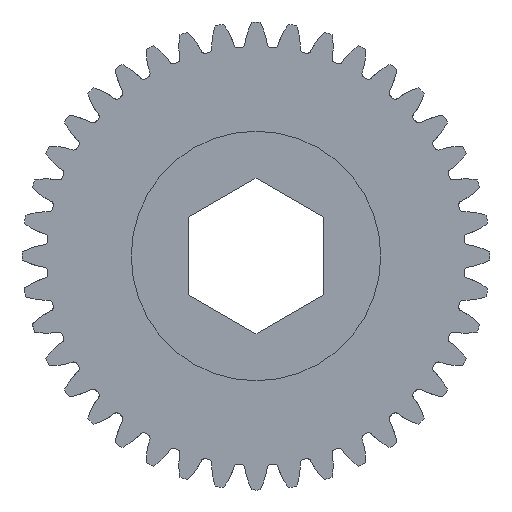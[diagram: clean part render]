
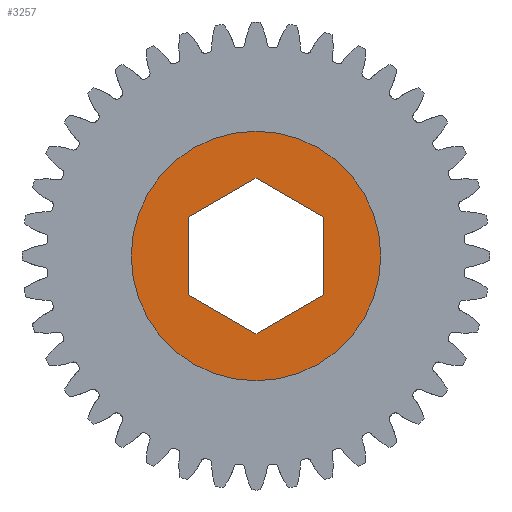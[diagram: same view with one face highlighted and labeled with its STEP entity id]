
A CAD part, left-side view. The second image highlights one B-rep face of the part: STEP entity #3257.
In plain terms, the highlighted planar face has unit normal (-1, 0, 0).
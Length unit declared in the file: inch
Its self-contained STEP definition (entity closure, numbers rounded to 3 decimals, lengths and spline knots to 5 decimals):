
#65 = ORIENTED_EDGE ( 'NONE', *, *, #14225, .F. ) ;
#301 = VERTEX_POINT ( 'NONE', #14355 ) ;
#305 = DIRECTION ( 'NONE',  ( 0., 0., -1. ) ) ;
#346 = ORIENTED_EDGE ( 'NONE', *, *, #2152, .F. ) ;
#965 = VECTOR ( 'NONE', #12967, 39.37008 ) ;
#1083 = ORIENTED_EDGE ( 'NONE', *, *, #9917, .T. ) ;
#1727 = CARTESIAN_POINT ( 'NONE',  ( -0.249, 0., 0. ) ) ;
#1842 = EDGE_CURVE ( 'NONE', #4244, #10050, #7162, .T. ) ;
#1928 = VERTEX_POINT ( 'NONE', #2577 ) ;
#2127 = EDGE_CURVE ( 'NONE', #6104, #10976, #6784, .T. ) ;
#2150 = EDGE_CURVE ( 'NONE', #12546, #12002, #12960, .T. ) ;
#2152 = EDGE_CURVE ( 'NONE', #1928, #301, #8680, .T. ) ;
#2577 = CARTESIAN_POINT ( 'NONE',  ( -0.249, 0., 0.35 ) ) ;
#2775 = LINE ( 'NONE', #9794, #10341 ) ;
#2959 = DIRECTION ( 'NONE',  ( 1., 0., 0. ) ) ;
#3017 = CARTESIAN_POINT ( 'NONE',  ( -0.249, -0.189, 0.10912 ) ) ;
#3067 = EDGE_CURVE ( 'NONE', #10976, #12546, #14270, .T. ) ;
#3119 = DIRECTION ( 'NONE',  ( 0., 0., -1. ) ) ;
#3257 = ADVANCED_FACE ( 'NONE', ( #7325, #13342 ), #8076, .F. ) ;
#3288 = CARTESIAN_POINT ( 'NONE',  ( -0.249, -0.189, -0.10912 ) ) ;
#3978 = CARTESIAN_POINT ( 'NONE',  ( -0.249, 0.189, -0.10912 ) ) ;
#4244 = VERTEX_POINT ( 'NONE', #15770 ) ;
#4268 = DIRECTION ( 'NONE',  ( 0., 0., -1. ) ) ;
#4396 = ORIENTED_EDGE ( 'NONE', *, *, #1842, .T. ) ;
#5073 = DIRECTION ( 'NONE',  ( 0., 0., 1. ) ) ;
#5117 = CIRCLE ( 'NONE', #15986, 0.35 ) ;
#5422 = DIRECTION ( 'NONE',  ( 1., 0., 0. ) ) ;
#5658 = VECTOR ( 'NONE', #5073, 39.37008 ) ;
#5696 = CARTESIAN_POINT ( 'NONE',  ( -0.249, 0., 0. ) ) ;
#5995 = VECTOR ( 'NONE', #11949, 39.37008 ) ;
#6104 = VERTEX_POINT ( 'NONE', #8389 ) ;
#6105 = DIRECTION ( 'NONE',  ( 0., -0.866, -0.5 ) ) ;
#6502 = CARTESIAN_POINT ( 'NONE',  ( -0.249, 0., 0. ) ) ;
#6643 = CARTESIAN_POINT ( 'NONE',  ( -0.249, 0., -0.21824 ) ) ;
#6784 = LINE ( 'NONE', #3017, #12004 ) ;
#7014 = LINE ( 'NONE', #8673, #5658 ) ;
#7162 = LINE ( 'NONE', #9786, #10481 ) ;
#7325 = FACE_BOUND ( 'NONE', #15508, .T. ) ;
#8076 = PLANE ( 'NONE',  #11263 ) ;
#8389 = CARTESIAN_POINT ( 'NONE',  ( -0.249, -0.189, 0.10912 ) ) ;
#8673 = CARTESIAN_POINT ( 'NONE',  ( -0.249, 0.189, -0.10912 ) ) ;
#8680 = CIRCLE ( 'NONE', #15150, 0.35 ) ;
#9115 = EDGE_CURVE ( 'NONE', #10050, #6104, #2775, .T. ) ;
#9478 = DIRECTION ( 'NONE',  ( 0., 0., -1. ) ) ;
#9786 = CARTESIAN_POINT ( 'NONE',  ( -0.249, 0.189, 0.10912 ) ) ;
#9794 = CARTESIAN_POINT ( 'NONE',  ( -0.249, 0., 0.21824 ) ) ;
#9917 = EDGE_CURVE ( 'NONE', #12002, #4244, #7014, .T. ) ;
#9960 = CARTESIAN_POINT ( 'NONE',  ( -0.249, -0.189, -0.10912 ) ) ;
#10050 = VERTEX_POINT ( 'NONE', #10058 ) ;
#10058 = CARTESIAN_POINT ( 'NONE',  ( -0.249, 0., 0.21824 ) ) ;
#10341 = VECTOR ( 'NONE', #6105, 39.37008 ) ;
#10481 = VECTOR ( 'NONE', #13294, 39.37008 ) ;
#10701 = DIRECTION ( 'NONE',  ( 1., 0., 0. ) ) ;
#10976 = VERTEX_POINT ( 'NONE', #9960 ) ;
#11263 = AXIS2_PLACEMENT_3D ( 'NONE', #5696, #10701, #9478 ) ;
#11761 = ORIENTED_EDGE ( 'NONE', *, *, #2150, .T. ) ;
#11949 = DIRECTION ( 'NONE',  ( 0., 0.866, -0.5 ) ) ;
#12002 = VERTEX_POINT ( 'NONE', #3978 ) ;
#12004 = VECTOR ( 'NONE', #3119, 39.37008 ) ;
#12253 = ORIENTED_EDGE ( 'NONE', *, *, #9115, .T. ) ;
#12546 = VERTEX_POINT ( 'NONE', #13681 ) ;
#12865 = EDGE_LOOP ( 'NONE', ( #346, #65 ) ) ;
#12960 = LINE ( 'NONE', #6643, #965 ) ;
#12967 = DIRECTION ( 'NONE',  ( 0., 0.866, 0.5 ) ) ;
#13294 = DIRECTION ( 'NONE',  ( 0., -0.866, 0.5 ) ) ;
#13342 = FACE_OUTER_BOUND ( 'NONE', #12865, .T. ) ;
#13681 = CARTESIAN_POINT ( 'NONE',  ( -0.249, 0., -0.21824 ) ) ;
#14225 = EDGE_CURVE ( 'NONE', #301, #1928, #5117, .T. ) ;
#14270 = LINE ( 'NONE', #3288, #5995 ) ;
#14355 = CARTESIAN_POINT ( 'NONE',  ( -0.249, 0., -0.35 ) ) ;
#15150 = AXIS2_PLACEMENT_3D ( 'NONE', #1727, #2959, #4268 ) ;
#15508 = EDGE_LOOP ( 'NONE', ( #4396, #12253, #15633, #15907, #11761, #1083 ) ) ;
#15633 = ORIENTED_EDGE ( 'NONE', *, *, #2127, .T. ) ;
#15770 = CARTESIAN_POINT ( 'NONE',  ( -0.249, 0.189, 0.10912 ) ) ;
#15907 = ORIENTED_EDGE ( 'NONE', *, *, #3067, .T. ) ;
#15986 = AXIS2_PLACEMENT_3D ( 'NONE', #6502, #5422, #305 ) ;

──────

### PROBLEM STATEMENT
From the entries above, copy every line that holds the word "unit".

### EXERCISE OUTPUT
In plain terms, the highlighted planar face has unit normal (-1, 0, 0).
Length unit declared in the file: inch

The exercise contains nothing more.